#!/usr/bin/env python
# -*- coding: utf-8 -*-

# ==============================================
#                                       Preamble
# ==============================================
# ---- Imports
import tensorflow as tf

from warnings import warn
from gpflow.base import TensorLike
from gpflow.config import default_jitter
from gpflow.utilities import Dispatcher
from gpflow import kernels, inducing_variables
from gpflow_sampling import covariances, kernels as kernels_ext
from gpflow_sampling.bases import kernel as kernel_basis
from gpflow_sampling.bases.core import AbstractBasis
from gpflow_sampling.sampling.core import DenseSampler, MultioutputDenseSampler
from gpflow_sampling.inducing_variables import InducingImages
from gpflow_sampling.utils import get_default_preconditioner


# ==============================================
#                                     cg_updates
# ==============================================
cg = Dispatcher("cg_updates")


@cg.register(kernels.Kernel, TensorLike, TensorLike, TensorLike)
def _cg_fallback(kern: kernels.Kernel,
                 Z: TensorLike,
                 u: TensorLike,
                 f: TensorLike,
                 *,
                 diag: TensorLike = None,
                 basis: AbstractBasis = None,
                 preconditioner: tf.linalg.LinearOperator = "default",
                 tol: float = 1e-3,
                 max_iter: int = 100,
                 **kwargs):
  """
  Return pathwise updates of a prior processes $f$ subject to the
  condition $p(f | u) = N(f | u, diag)$ on $f = f(Z)$.
  """
  u_shape = tuple(u.shape)
  f_shape = tuple(f.shape)
  assert u_shape[-1] == 1, "Recieved multiple output features"
  assert u_shape == f_shape[-len(u_shape):], "Incompatible shapes detected"
  if basis is None:  # finite-dimensional basis used to express the update
    basis = kernel_basis(kern, centers=Z)

  if diag is None:
    diag = default_jitter()

  # Prepare linear system for CG solver
  if isinstance(Z, inducing_variables.InducingVariables):
    Kff = covariances.Kuu(Z, kern, jitter=0.0)
  else:
    Kff = kern(Z, full_cov=True)
  Kuu = tf.linalg.set_diag(Kff, tf.linalg.diag_part(Kff) + diag)
  operator = tf.linalg.LinearOperatorFullMatrix(Kuu,
                                                is_non_singular=True,
                                                is_self_adjoint=True,
                                                is_positive_definite=True,
                                                is_square=True)

  if preconditioner == "default":
    preconditioner = get_default_preconditioner(Kff, diag=diag)

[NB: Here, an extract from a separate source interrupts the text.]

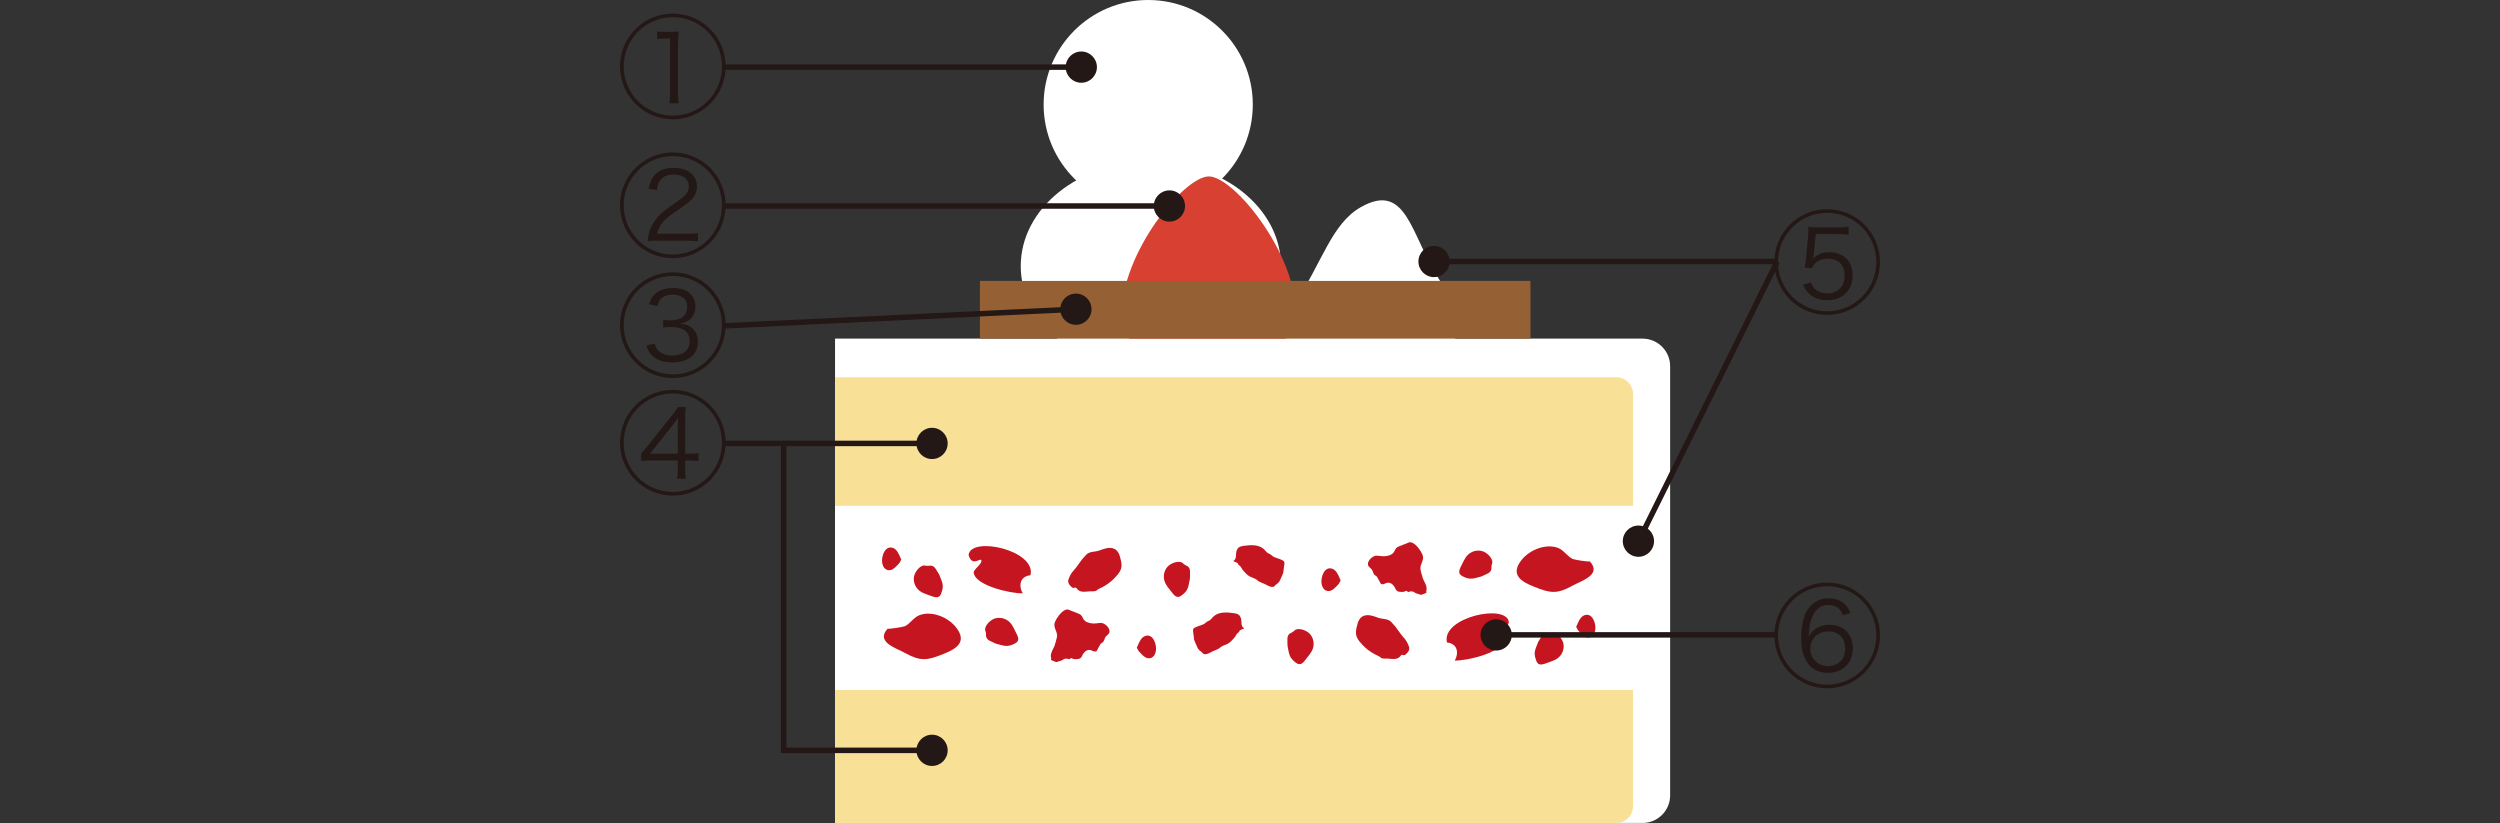 <?xml version="1.0" encoding="UTF-8"?><svg id="b" xmlns="http://www.w3.org/2000/svg" viewBox="0 0 600 197.52"><rect x="0" y="0" width="600" height="197.52" fill="#333333" stroke="none"/><g id="c"><rect y="88.76" width="600" height="20" style="fill:#20a139; opacity:0; stroke-width:0px;"/><circle cx="275.57" cy="25.1" r="25.1" style="fill:#fff; stroke-width:0px;"/><ellipse cx="276.21" cy="63.86" rx="31.23" ry="25.1" style="fill:#fff; stroke-width:0px;"/><path d="m291.61,88.66c15.66,0,19.4-8.55,19.4-13.41,0-14.61-14.93-32.91-20.89-32.91s-20.89,18.3-20.89,32.91c0,4.87,3.74,13.41,19.4,13.41h2.99Z" style="fill:#d84031; stroke-width:0px;"/><path d="m333.28,92.17c-19.84.47-29.44-8.79-22.69-18.98,6.75-10.23,8.99-19.53,16.05-23.5,10.97-6.17,11.92,6.64,18.57,17.07,6.65,10.44,7.39,23.29-11.92,25.42Z" style="fill:#fff; fill-rule:evenodd; stroke-width:0px;"/><path d="m200.41,81.27h193.82c3.63,0,6.6,2.97,6.6,6.6v103.04c0,3.63-2.97,6.6-6.6,6.6h-193.82" style="fill:#fff; stroke-width:0px;"/><path d="m200.41,90.54h187.52c2.2,0,4,1.8,4,4v98.97c0,2.2-1.8,4-4,4h-187.52" style="fill:#f8e197; stroke-width:0px;"/><rect x="200.41" y="121.41" width="191.53" height="44.2" style="fill:#fff; stroke-width:0px;"/><path d="m381.53,134.7c3.02,3.24-1.97,4.67-4.12,5.86-3.79,2.1-5.38,1.81-9.31.22-2.76-1.11-5.79-2.73-2.97-6.33,1.99-2.53,5.87-4.05,8.8-2.95,1.42.54,2.23,2.07,3.53,2.66.47.21,4.33.8,4.08.54Z" style="fill:#c51520; stroke-width:0px;"/><path d="m232.46,133.21c.48-4.64,16.3-1.18,14.86,4.85-2.43.22-2.98,2.39-1.86,4.34-2.88.07-11.29-1.84-11.77-4.89-.14-.9,2.11-2.12,1.83-3.07-.19-.63-2.25,1.7-3.06-1.23Z" style="fill:#c51520; stroke-width:0px;"/><path d="m342.4,141.15c.01.38-.17.7-.05,1.07-.23.19-.5.25-.77.36-.52.21-.52.25-.99.03-.28-.12-.56-.11-.83-.26-.41-.22-.65-.5-1.23-.41-.19.01-.34.06-.48.15-.17,0-.29-.09-.36-.23-.21-.07-.4-.04-.57.1-.4.12-.36.12-.8.09-.33-.01-.67-.01-.96-.19-.43-.25-.45-.65-.69-1.03-.49-.74-1.14-1.19-1.97-.9-.29.1-.54.26-.83.29-.61.05-.59-.38-.85-.81-.19-.31-.36-.68-.54-.97-.16-.17-.35-.32-.58-.44-.22-.23-.22-.33-.35-.62-.14-.32-.19-.56-.43-.83-.33-.36-.73-.5-.81-1.05-.1-.79.7-1.65,1.37-1.96.75-.36,1.25-.08,2.07-.05.77.04,1.72-.08,2.39-.57.72-.55.59-1.39,1.49-1.74.68-.25,1.34-.52,2.01-.79.41-.17.67-.36,1.15-.2,1.1.37,2.22,1.98,2.63,3.01.52,1.29-.82,2.37-.48,3.63.18.63.3,1.32.53,1.94.29.77.88,1.58.92,2.41Z" style="fill:#c51520; stroke-width:0px;"/><path d="m295.98,134.64c.9-.46.54-1.56.77-2.33.29-.94.73-1.15,1.7-1.3,1.56-.23,3.61-.39,4.88.78.25.24.5.5.72.77.29.27.38.23.7.4.4.23.61.52,1.06.74.39.2,2.15.63,2.38,1.09.11.23.06.23.06.48,0,.48-.17,1.06-.19,1.56-.01.61-.21.98-.45,1.51-.26.57-.42,1.14-.86,1.58-.18.15-.39.26-.56.41-.07.06-.32.37-.34.39-.7.46-1.7-.28-2.42-.6-.43-.19-.87-.35-1.27-.57-.43-.21-.28-.23-.54-.42-.52-.35-1.14-.5-1.7-.79-.59-.3-1.14-.94-1.57-1.43-.27-.3-.44-.74-.72-1.05-.12-.14-.28-.19-.41-.34-.13-.16-.03-.28-.24-.42l-1.01-.44Z" style="fill:#c51520; stroke-width:0px;"/><path d="m285.6,138.34c.01.37-.03.67-.11,1.04-.16.72-.25,1.59-.65,2.23-.35.57-.8.96-1.32,1.34-1.16.87-1.85-.24-2.55-1.14-.77-.99-1.54-1.83-1.64-3.14-.08-1.04.28-2.1,1.05-2.83.73-.68,2.25-1.27,3.23-.87.24.1.39.33.59.48.29.22.66.32.93.54.68.57.43,1.56.48,2.34Z" style="fill:#c51520; stroke-width:0px;"/><path d="m225.15,137.47c.21.31.34.57.47.94.25.7.64,1.48.65,2.23,0,.66-.17,1.24-.4,1.85-.51,1.35-1.69.79-2.76.41-1.18-.43-2.28-.72-3.07-1.77-.63-.84-.89-1.93-.63-2.95.25-.96,1.21-2.28,2.26-2.47.25-.04.5.08.76.1.36.03.73-.09,1.08-.05.88.12,1.2,1.08,1.65,1.72Z" style="fill:#c51520; stroke-width:0px;"/><path d="m356.01,138.14c-.33.17-.61.27-.99.35-.72.17-1.54.47-2.29.38-.66-.07-1.21-.3-1.79-.61-1.28-.67-.58-1.77-.08-2.79.56-1.12.99-2.19,2.13-2.83.9-.53,2.02-.65,3-.28.93.36,2.12,1.47,2.18,2.53.01.25-.13.49-.18.74-.08.35,0,.74-.09,1.07-.21.87-1.22,1.08-1.9,1.44Z" style="fill:#c51520; stroke-width:0px;"/><path d="m268.21,137.93c-.79.96-1.72,1.84-2.78,2.49-.59.35-1.03.62-1.65.88-.33.13-.45.35-.75.5-.37.19-1.12.1-1.54.12-.92.07-1.9.3-2.7-.29-.18-.12-.44-.58-.65-.61-.28-.05-.34.15-.66.06-.27-.08-.87-.76-.97-1-.34-.71-.02-1.19.26-1.81.31-.69.71-1.17,1.2-1.7.65-.74,1.13-1.58,1.74-2.34.28-.35.61-.64.9-1,.77-.96,2.21-.72,3.26-1.12,1.05-.4,2.34-.87,3.44-.44,1.16.44,1.45,1.71,1.7,2.8.35,1.43.14,2.32-.79,3.47Z" style="fill:#c51520; stroke-width:0px;"/><path d="m214.31,131.5c.96.33,1.43,1.5,1.8,2.37.23.54.25.38.11.58-.03.05-.08.12-.12.24-.17.34-.16.36-.43.64-.74.77-1.7,1.96-2.91,1.38-.72-.35-1.01-1.17-1.06-1.92-.12-1.39.73-3.94,2.61-3.29Z" style="fill:#c51520; stroke-width:0px;"/><path d="m319.76,136.5c.96.33,1.43,1.5,1.8,2.37.23.54.25.38.11.58-.03.05-.08.12-.12.24-.17.35-.16.36-.43.64-.74.77-1.7,1.96-2.91,1.38-.72-.35-1.01-1.17-1.06-1.92-.12-1.39.73-3.94,2.61-3.29Z" style="fill:#c51520; stroke-width:0px;"/><path d="m213.07,150.84c-3.02,3.24,1.97,4.67,4.12,5.86,3.79,2.1,5.38,1.81,9.31.22,2.76-1.11,5.79-2.73,2.97-6.33-1.99-2.53-5.87-4.05-8.8-2.95-1.42.54-2.23,2.07-3.53,2.66-.47.21-4.33.8-4.08.54Z" style="fill:#c51520; stroke-width:0px;"/><path d="m362.13,149.35c-.48-4.64-16.3-1.18-14.86,4.85,2.43.22,2.98,2.39,1.86,4.34,2.88.07,11.29-1.84,11.77-4.89.14-.9-2.11-2.12-1.83-3.07.19-.63,2.25,1.7,3.06-1.23Z" style="fill:#c51520; stroke-width:0px;"/><path d="m252.19,157.29c-.01.38.17.7.05,1.07.23.19.5.25.77.36.52.21.52.25.99.03.28-.12.56-.11.83-.26.41-.22.65-.5,1.23-.41.19.01.34.06.48.15.17,0,.29-.09.36-.23.21-.07.4-.04.57.1.4.12.36.12.8.09.33-.01.67-.01.96-.19.43-.25.45-.65.69-1.03.49-.74,1.14-1.19,1.97-.9.29.1.54.26.83.29.61.05.59-.38.85-.81.19-.31.36-.68.54-.97.16-.17.35-.32.58-.44.22-.23.22-.33.35-.62.14-.32.19-.56.43-.83.33-.36.73-.5.81-1.05.1-.79-.7-1.65-1.37-1.96-.75-.36-1.25-.08-2.07-.05-.77.04-1.72-.08-2.39-.57-.72-.55-.59-1.39-1.49-1.74-.68-.25-1.34-.52-2.01-.79-.41-.17-.67-.36-1.15-.2-1.1.37-2.22,1.98-2.63,3.01-.52,1.29.82,2.37.48,3.63-.18.63-.3,1.32-.53,1.94-.29.77-.88,1.58-.92,2.41Z" style="fill:#c51520; stroke-width:0px;"/><path d="m298.61,150.79c-.9-.46-.54-1.56-.77-2.33-.29-.94-.73-1.15-1.7-1.3-1.56-.23-3.61-.39-4.88.78-.25.24-.5.5-.72.77-.29.27-.38.23-.7.4-.4.23-.61.52-1.06.74-.39.2-2.15.63-2.38,1.09-.11.23-.06.23-.06.48,0,.48.17,1.06.19,1.56.01.61.21.98.45,1.51.26.57.42,1.14.86,1.58.18.15.39.26.56.41.07.06.32.37.34.39.7.46,1.7-.28,2.42-.6.43-.19.87-.35,1.27-.57.43-.21.28-.23.54-.42.52-.35,1.14-.5,1.7-.79.59-.3,1.14-.94,1.57-1.43.27-.3.44-.74.72-1.05.12-.14.28-.19.41-.34.13-.16.03-.28.24-.42l1.01-.44Z" style="fill:#c51520; stroke-width:0px;"/><path d="m308.99,154.48c-.01.37.03.67.11,1.04.16.72.25,1.59.65,2.23.35.57.8.96,1.32,1.34,1.16.87,1.85-.24,2.55-1.14.77-.99,1.54-1.83,1.64-3.14.08-1.04-.28-2.1-1.05-2.83-.73-.68-2.25-1.27-3.23-.87-.24.1-.39.33-.59.48-.29.22-.66.32-.93.54-.68.57-.43,1.56-.48,2.34Z" style="fill:#c51520; stroke-width:0px;"/><path d="m369.44,153.61c-.21.31-.34.57-.47.94-.25.7-.64,1.48-.65,2.23,0,.66.17,1.24.4,1.85.51,1.35,1.69.79,2.76.41,1.18-.43,2.28-.72,3.07-1.77.63-.84.89-1.93.63-2.95-.25-.96-1.21-2.28-2.26-2.47-.25-.04-.5.08-.76.1-.36.03-.73-.09-1.08-.05-.88.12-1.2,1.08-1.65,1.72Z" style="fill:#c51520; stroke-width:0px;"/><path d="m238.58,154.28c.33.17.61.27.99.35.72.17,1.54.47,2.29.38.66-.07,1.21-.3,1.79-.61,1.28-.67.58-1.77.08-2.79-.56-1.12-.99-2.19-2.13-2.83-.9-.53-2.02-.65-3-.28-.93.36-2.12,1.47-2.18,2.53-.01.25.13.49.18.74.08.35,0,.74.09,1.07.21.87,1.22,1.08,1.9,1.44Z" style="fill:#c51520; stroke-width:0px;"/><path d="m326.38,154.07c.79.96,1.72,1.84,2.78,2.49.59.35,1.03.62,1.65.88.33.13.45.35.75.5.37.19,1.12.1,1.54.12.92.07,1.9.3,2.7-.29.18-.12.44-.58.65-.61.28-.05.34.15.66.06.27-.08.87-.76.97-1,.34-.71.02-1.19-.26-1.81-.31-.69-.71-1.17-1.2-1.7-.65-.74-1.13-1.58-1.74-2.34-.28-.35-.61-.64-.9-1-.77-.96-2.21-.72-3.26-1.12-1.05-.4-2.34-.87-3.44-.44-1.16.44-1.45,1.71-1.7,2.8-.35,1.43-.14,2.32.79,3.47Z" style="fill:#c51520; stroke-width:0px;"/><path d="m380.28,147.65c-.96.33-1.43,1.5-1.8,2.37-.23.54-.25.38-.11.58.03.05.08.12.12.24.17.34.16.36.43.64.74.77,1.7,1.96,2.91,1.38.72-.35,1.01-1.17,1.06-1.92.12-1.39-.73-3.94-2.61-3.29Z" style="fill:#c51520; stroke-width:0px;"/><path d="m274.83,152.64c-.96.33-1.43,1.5-1.8,2.37-.23.54-.25.38-.11.58.03.05.08.12.12.24.17.35.16.36.43.64.74.77,1.7,1.96,2.91,1.38.72-.35,1.01-1.17,1.06-1.92.12-1.39-.73-3.94-2.61-3.29Z" style="fill:#c51520; stroke-width:0px;"/><path d="m174.15,49.26c0,7.01-5.66,12.7-12.67,12.7s-12.68-5.69-12.68-12.7,5.69-12.67,12.68-12.67,12.67,5.66,12.67,12.67Zm-24.47,0c0,6.53,5.29,11.83,11.8,11.83s11.8-5.29,11.8-11.83-5.29-11.8-11.8-11.8-11.8,5.29-11.8,11.8Zm8.23,8.49c-1.32,0-1.69.03-2.52.11.27-1.77.37-2.14.69-2.91.72-1.72,1.83-3.15,3.46-4.44.53-.45,1.03-.79,3.31-2.38,1.88-1.27,2.46-2.12,2.46-3.44,0-1.74-1.37-2.8-3.68-2.8-1.48,0-2.56.48-3.23,1.46-.42.61-.61,1.14-.77,2.25l-1.98-.32c.37-1.64.71-2.43,1.45-3.25,1.01-1.17,2.54-1.75,4.52-1.75,3.47,0,5.64,1.72,5.64,4.44,0,1.3-.47,2.36-1.48,3.36-.53.53-1.03.9-2.27,1.75-1.88,1.27-2.96,2.06-3.54,2.57-1.22,1.09-1.93,2.25-2.28,3.7h7.12c1.06,0,1.8-.03,2.7-.13v1.93c-1.01-.08-1.83-.13-2.73-.13h-6.88Z" style="fill:#231815; stroke-width:0px;"/><rect x="173.76" y="48.78" width="105.61" height="1.32" style="fill:#231815; stroke-width:0px;"/><circle cx="280.66" cy="49.44" r="3.75" style="fill:#231815; stroke-width:0px;"/><path d="m174.15,15.93c0,7.01-5.66,12.7-12.67,12.7s-12.68-5.69-12.68-12.7,5.69-12.67,12.68-12.67,12.67,5.66,12.67,12.67Zm-24.47,0c0,6.53,5.29,11.83,11.8,11.83s11.8-5.29,11.8-11.83-5.29-11.8-11.8-11.8-11.8,5.29-11.8,11.8Zm8.01-8.39c.59.08.82.08,1.88.11h1.46c.64,0,.85,0,1.88-.11-.16,1.35-.21,2.59-.21,3.73v10.98c0,1.03.05,1.69.19,2.54h-2.25c.13-.9.19-1.51.19-2.54v-12.99h-1.16c-.66,0-1.16.03-1.96.13v-1.85Z" style="fill:#231815; stroke-width:0px;"/><rect x="173.76" y="15.45" width="85.97" height="1.32" style="fill:#231815; stroke-width:0px;"/><circle cx="259.51" cy="16.11" r="3.75" style="fill:#231815; stroke-width:0px;"/><path d="m174.15,106.24c0,7.01-5.66,12.7-12.67,12.7s-12.68-5.69-12.68-12.7,5.69-12.67,12.68-12.67,12.67,5.66,12.67,12.67Zm-24.47,0c0,6.53,5.29,11.83,11.8,11.83s11.8-5.29,11.8-11.83-5.29-11.8-11.8-11.8-11.8,5.29-11.8,11.8Zm4.2,2.59c.42-.45,1.11-1.24,1.48-1.72l5.69-7.12c.95-1.19,1.11-1.43,1.67-2.3h1.85c-.11,1.24-.13,1.82-.13,3.81v7.38h.82c1.16,0,1.67-.03,2.38-.16v1.96c-.84-.11-1.51-.16-2.35-.16h-.85v1.93c0,1.14.03,1.64.16,2.43h-2.12c.13-.85.19-1.46.19-2.43v-1.93h-6.03c-1.14,0-2.04.03-2.75.11v-1.8Zm8.78-5.61c0-1.09.03-1.96.1-2.99-.63.93-.71,1.03-1.53,2.06l-5.24,6.61h6.67v-5.69Z" style="fill:#231815; stroke-width:0px;"/><rect x="173.76" y="105.76" width="47.88" height="1.32" style="fill:#231815; stroke-width:0px;"/><circle cx="223.69" cy="106.42" r="3.75" style="fill:#231815; stroke-width:0px;"/><circle cx="223.69" cy="180.08" r="3.75" style="fill:#231815; stroke-width:0px;"/><path d="m451.19,62.88c0,7.01-5.66,12.7-12.67,12.7s-12.67-5.69-12.67-12.7,5.69-12.67,12.67-12.67,12.67,5.66,12.67,12.67Zm-24.47,0c0,6.53,5.29,11.83,11.8,11.83s11.8-5.29,11.8-11.83-5.29-11.8-11.8-11.8-11.8,5.29-11.8,11.8Zm6.4,1.35c.13-.69.24-1.37.34-2.3l.48-5.26c.08-.82.08-.9.08-1.46,0-.21-.03-.42-.08-.77.66.11,1.06.13,2.46.13h4.6c1.25,0,1.8-.03,2.67-.19v1.96c-.79-.13-1.48-.16-2.65-.16h-5.23l-.48,4.66c-.03.45-.11.85-.21,1.27,1.03-1.09,2.3-1.59,3.94-1.59s3.07.58,4.08,1.53c.98.98,1.51,2.35,1.51,4.02,0,3.62-2.41,5.98-6.09,5.98-1.77,0-3.25-.53-4.36-1.56-.63-.58-.93-1.06-1.46-2.14l1.9-.56c.24.66.4.93.69,1.3.77.85,1.9,1.32,3.25,1.32,2.52,0,4.15-1.67,4.15-4.26s-1.53-4.08-4.1-4.08c-1.19,0-2.43.53-3.2,1.35-.24.26-.34.48-.56.93l-1.75-.13Z" style="fill:#231815; stroke-width:0px;"/><rect x="346.03" y="62.1" width="80.49" height="1.32" style="fill:#231815; stroke-width:0px;"/><rect x="372.4" y="95.66" width="74.93" height="1.32" transform="translate(141.48 420.73) rotate(-63.62)" style="fill:#231815; stroke-width:0px;"/><circle cx="344.17" cy="62.76" r="3.75" style="fill:#231815; stroke-width:0px;"/><circle cx="393.22" cy="129.88" r="3.75" style="fill:#231815; stroke-width:0px;"/><path d="m451.19,152.49c0,7.01-5.66,12.7-12.67,12.7s-12.67-5.69-12.67-12.7,5.69-12.67,12.67-12.67,12.67,5.66,12.67,12.67Zm-24.47,0c0,6.53,5.29,11.83,11.8,11.83s11.8-5.29,11.8-11.83-5.29-11.8-11.8-11.8-11.8,5.29-11.8,11.8Zm15.58-4.79c-.26-.72-.42-1.01-.77-1.4-.69-.74-1.59-1.11-2.7-1.11-1.51,0-2.62.66-3.47,2.06-.82,1.35-1.14,2.73-1.27,5.56.4-.71.61-1,1.06-1.43,1.06-.95,2.3-1.43,3.89-1.43,3.44,0,5.64,2.22,5.64,5.69s-2.41,5.85-5.98,5.85c-2.01,0-3.62-.74-4.76-2.2-1.11-1.43-1.67-3.52-1.67-6.3,0-1.9.32-3.78.87-5.32.58-1.62,1.88-3.02,3.36-3.63.74-.32,1.48-.45,2.43-.45,1.56,0,2.89.5,3.84,1.43.56.53.84.98,1.37,2.09l-1.85.58Zm-7.83,7.94c0,2.41,1.82,4.23,4.26,4.23,1.48,0,2.83-.69,3.52-1.82.4-.64.58-1.43.58-2.41,0-2.54-1.53-4.1-4.02-4.1s-4.34,1.74-4.34,4.1Z" style="fill:#231815; stroke-width:0px;"/><rect x="359.08" y="151.71" width="67.44" height="1.32" style="fill:#231815; stroke-width:0px;"/><circle cx="359.08" cy="152.38" r="3.75" style="fill:#231815; stroke-width:0px;"/><polygon points="223.69 180.75 187.42 180.75 187.42 106.38 188.74 106.38 188.74 179.42 223.69 179.42 223.69 180.75" style="fill:#231815; stroke-width:0px;"/><rect x="235.18" y="67.42" width="132.13" height="13.85" style="fill:#956134; stroke-width:0px;"/><path d="m174.15,78.03c0,7.01-5.66,12.7-12.67,12.7s-12.68-5.69-12.68-12.7,5.69-12.67,12.68-12.67,12.67,5.66,12.67,12.67Zm-24.47,0c0,6.53,5.29,11.83,11.8,11.83s11.8-5.29,11.8-11.83-5.29-11.8-11.8-11.8-11.8,5.29-11.8,11.8Zm7.43,4.42c.32,1.08.64,1.56,1.3,2.06.77.56,1.72.82,2.91.82,2.59,0,4.2-1.29,4.2-3.44,0-2.25-1.53-3.41-4.5-3.41-.56,0-1.11.03-1.85.11v-1.8c.5.05,1.19.11,1.62.11.74,0,1.67-.16,2.3-.37,1.14-.4,1.85-1.54,1.85-2.96,0-1.74-1.35-2.86-3.52-2.86-1.14,0-2.06.29-2.65.85-.5.45-.72.9-.98,1.9l-2.01-.45c.37-1.08.61-1.56,1.09-2.12,1-1.19,2.57-1.77,4.66-1.77,3.3,0,5.37,1.69,5.37,4.39,0,1.45-.56,2.65-1.59,3.36-.61.42-1.14.61-2.22.77,1.37.13,2.09.34,2.86.95,1.01.77,1.53,1.98,1.53,3.47,0,3.04-2.33,4.92-6.11,4.92-2.27,0-3.94-.61-5.08-1.85-.5-.53-.77-1.06-1.16-2.22l1.98-.45Z" style="fill:#231815; stroke-width:0px;"/><rect x="173.71" y="75.56" width="84.55" height="1.32" transform="translate(-3.36 10.28) rotate(-2.71)" style="fill:#231815; stroke-width:0px;"/><circle cx="258.22" cy="74.21" r="3.75" style="fill:#231815; stroke-width:0px;"/></g></svg>

  # Compute error term and CG initializer
  err = tf.linalg.adjoint(u - f)  # [S, 1, M]
  err -= (diag ** 0.5) * tf.random.normal(err.shape, dtype=err.dtype)
  if preconditioner is None:
    initializer = None
  else:
    initializer = preconditioner.matvec(err)

  # Approximately solve for $Cov(u, u)^{-1}(u - f(Z))$ using linear CG
  res = tf.linalg.experimental.conjugate_gradient(operator=operator,
                                                  rhs=err,
                                                  preconditioner=preconditioner,
                                                  x=initializer,
                                                  tol=tol,
                                                  max_iter=max_iter)

  weights = res.x
  if tf.math.count_nonzero(tf.math.is_nan(weights)):
    warn("One or more update weights returned by CG are NaN")

  return DenseSampler(basis=basis, weights=weights, **kwargs)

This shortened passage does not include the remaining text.